Top of SUPPLIED MATERIAL
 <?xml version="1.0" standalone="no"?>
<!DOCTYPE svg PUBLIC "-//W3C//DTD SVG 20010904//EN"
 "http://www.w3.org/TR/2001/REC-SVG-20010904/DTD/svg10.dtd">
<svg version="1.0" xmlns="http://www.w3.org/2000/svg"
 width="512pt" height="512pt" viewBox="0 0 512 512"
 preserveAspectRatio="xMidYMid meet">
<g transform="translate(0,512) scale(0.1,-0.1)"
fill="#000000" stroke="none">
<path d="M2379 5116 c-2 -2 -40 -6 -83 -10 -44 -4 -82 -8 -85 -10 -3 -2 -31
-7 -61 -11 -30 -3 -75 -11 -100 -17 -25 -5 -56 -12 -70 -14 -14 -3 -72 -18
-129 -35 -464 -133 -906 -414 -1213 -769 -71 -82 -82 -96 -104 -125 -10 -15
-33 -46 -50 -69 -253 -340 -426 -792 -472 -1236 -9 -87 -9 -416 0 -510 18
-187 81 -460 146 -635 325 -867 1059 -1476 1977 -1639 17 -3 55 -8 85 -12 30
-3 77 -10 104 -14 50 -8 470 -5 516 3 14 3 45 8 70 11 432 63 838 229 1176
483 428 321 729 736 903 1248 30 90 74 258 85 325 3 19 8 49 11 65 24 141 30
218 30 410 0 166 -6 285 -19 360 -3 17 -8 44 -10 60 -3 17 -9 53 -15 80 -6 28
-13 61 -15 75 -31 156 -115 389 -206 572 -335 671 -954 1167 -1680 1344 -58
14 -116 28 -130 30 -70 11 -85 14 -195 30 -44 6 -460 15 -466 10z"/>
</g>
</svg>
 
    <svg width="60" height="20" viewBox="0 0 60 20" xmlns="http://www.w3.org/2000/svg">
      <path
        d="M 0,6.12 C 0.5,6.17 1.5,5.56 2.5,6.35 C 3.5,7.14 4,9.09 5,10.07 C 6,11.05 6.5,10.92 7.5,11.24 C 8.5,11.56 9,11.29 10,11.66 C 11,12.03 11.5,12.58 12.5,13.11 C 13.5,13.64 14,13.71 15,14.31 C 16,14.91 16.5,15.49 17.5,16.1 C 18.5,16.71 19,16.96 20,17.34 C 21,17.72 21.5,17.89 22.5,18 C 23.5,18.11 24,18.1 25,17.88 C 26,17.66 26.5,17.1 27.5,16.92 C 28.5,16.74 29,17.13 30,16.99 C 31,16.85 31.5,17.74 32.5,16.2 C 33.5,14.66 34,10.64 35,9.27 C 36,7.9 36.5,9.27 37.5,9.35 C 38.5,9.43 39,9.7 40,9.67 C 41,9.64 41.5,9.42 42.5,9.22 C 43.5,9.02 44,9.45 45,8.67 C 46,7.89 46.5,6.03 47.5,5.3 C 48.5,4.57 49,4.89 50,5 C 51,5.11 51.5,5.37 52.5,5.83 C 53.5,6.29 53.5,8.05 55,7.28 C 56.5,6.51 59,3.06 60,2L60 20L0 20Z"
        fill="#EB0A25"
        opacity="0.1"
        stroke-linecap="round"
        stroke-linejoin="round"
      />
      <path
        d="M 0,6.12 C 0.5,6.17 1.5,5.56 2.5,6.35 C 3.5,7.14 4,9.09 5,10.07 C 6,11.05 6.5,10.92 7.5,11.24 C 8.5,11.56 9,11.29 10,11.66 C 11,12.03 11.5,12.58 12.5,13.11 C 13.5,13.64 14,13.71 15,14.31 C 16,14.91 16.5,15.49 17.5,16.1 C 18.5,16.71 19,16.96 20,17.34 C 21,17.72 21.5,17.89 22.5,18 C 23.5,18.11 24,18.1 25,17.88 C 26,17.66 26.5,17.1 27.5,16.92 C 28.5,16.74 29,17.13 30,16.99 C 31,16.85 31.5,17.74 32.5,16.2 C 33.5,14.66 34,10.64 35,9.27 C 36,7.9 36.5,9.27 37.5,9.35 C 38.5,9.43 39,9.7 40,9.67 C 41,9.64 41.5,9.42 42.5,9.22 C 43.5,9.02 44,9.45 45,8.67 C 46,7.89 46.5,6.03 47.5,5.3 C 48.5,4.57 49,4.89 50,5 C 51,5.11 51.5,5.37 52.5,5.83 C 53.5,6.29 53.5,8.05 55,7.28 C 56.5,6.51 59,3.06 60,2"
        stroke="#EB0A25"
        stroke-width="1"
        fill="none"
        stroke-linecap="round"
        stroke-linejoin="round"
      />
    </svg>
Bottom of SUPPLIED MATERIAL
PROBLEM TO SOLVE:
Look through the entries and return every line where "height" appears.

ANSWER SECTION:
 width="512pt" height="512pt" viewBox="0 0 512 512"
    <svg width="60" height="20" viewBox="0 0 60 20" xmlns="http://www.w3.org/2000/svg">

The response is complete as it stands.